El qaghan soltó una risotada e hizo un movimiento de cabeza hacia los dos jóvenes sentados al lado de su trono. Cuando pudo controlar la risa añadió:

—No hables así delante de mis hijos. Fíjate en Dengazich… apenas tiene la edad del hijo de Ardarico y le vas a inspirar. Gracias por contarme todo esto. Puedes marcharte. Pero ten en cuenta que Dietric ha regresado junto al hogar familiar —por un instante, al hablar del hogar de Dietric, la voz del qaghan se endureció con un tono de desprecio; pero enseguida había vuelto a sonreír y cambiar el tono—. Ocúpate de que haya un lugar para los romanos y sus servidores cuando lleguen aquí.

Los ojos de Taes se abrieron desmesuradamente.

—Pero Atila, ¿quieres decir que les vas a dejar venir?

—Creo que dar mucho sentido a esa conspiración es dar a los romanos una importancia que no tienen —contestó al tiempo que se frotaba el pecho—. Haz lo que te digo, rana.

—Muy bien, aunque no te entiendo —respondió levantándose, estirando cuidadosamente las piernas y saliendo de la sala.

—¿Por qué dejas que un simple guerrero te hable de esa manera? —preguntó Ellac.

Antes de responder, el qaghan se levantó y se apretó con fuerza un costado.

—Puede hablarme como quiera, pero tú lo harás con respeto. Vete ahora.

Ellac se levantó y se fue. Al otro lado de la sala, sobre la mesa en la que se encontraban las jarras de vino, estaba el amuleto que le habían dado los chamanes.

Atila fue a cogerlo, pero antes hizo un gesto a Dengazich para que se fuera con Ellac. El vientre se le llenó de náusea. Sabía que si podía verter leche con miel sobre el amuleto y beberla antes de que comenzara el dolor no se desmayaría. Pero el dolor se le clavó en el vientre como una puñalada antes de dar otro paso hacia el amuleto, tambaleándose, y caer de rodillas. La oscuridad cubrió sus ojos. Sentía la mente paralizada. Un momento después levantaba la mirada encontrándose con la de Dengazich.

—¿Qué sucede? —gritó éste—. Padre mío, mí qaghan…

Atila se dio cuenta de que estaba de rodillas y de que su hijo le estaba sosteniendo. Irguió el cuerpo, quitando el peso de los brazos de Dengazich, y pesadamente se puso en pie. Fue hasta la mesa a buscar el amuleto y la leche con miel. El hijo le siguió, como un halcón a una liebre.

—¿Qué te ha pasado? Te he visto caer. ¿Qué te ha pasado?

—Resbalé —respondió Atila. El amuleto estaba en una pequeña caja de piedra oriental opaca. La abrió y arrojó el amuleto en la copa—. ¿Dónde está Ellac?

—Se ha ido. Salió antes de que… cayeras.

El qaghan bebió. La leche endulzada de yegua disfrazó el sabor del amuleto.

El dolor volvió a punzarle el vientre, pero mucho más suavemente, y fue desapareciendo.

—¿Te había pasado antes? —quiso saber Dengazich.

—Sólo resbalé —contestó Atila llenando la copa de nuevo. Cuando comenzaron los dolores incluso sospechó, en su pánico, que Dengazich le había maldecido. Ahora entendía ya mejor los ataques y no vigilaba a sus hijos, pero aun así le parecía peligrosos que éstos conocieran su debilidad. Volvió junto al trono y se sentó. El hijo permaneció dando vueltas ante él, inquiero, hasta que se dejó caer sobre los talones y miró a Atila.

—Ellac no lo sabe. ¿Qué dicen de esto los chamanes?

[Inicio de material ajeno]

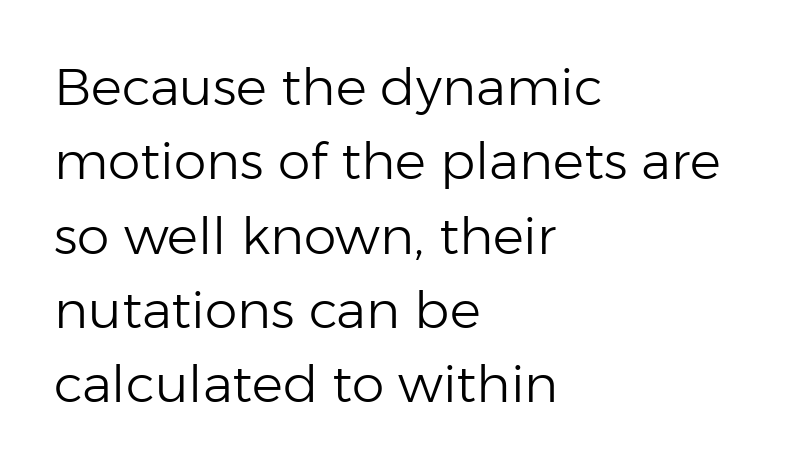
{"serif": "no", "italic": "no", "bold": "no", "weight": "light", "width": "normal", "stroke_contrast": "low", "x_height": "medium", "monospaced": "no", "underline": "no", "align": "left", "line_spacing": "normal", "line_spacing_ratio": 1.43, "letter_spacing": "normal", "letter_spacing_em": 0.0, "glyph_px": 52}

—Resbalé —repitió Atila—. Si vuelves a hablar de esto, conmigo o con cualquier otro, me enteraré y sufrirás las consecuencias —bebió la leche a sorbos pequeños—. ¿Dudas de mí?

Dengazich le miró con sus ojos de godo, como los de un lince. Los de Atila eran redondeados. Repentinamente, el muchacho se dejó caer hacia adelante, poeníendose sobre las manos y las rodillas, y tocó el suelo con la frente.

—Mi qaghan —se puso en pie y salió corriendo de la sala.

Atila bebió más leche. Los ataques de dolor le debilitaban, y cada vez tardaba más tiempo en recuperarse. En dos ocasiones había vomitado sangre. Eso le asustaba, y luego le avergonzaba tener miedo. Se sentó con los músculos sueltos, queriendo que su cuerpo recuperara las fuerzas.

Todos los chamanes estaban de acuerdo en que se trataba de un hechizo antiguo.

Contra el qaghan se podían hacer muchos encantamientos, pues tenía muchos enemigos, y ahora la fuerza de Atila estaba desapareciendo, conforme envejecía, por lo que los encantamientos pesaban sobre él. Eso habían dicho todos los chamanes.

Dos de ellos —uno el Flautista, cuya magia era antigua y fuerte y poseía varios demonios— habían dicho que había algo más, y Atila estaba de acuerdo, que determinados hechizos lanzados contra los xiung cuando los animales se convirtieron en hombres florecían ahora, y evidentemente esos hechizos afectaban de manera especial al qaghan.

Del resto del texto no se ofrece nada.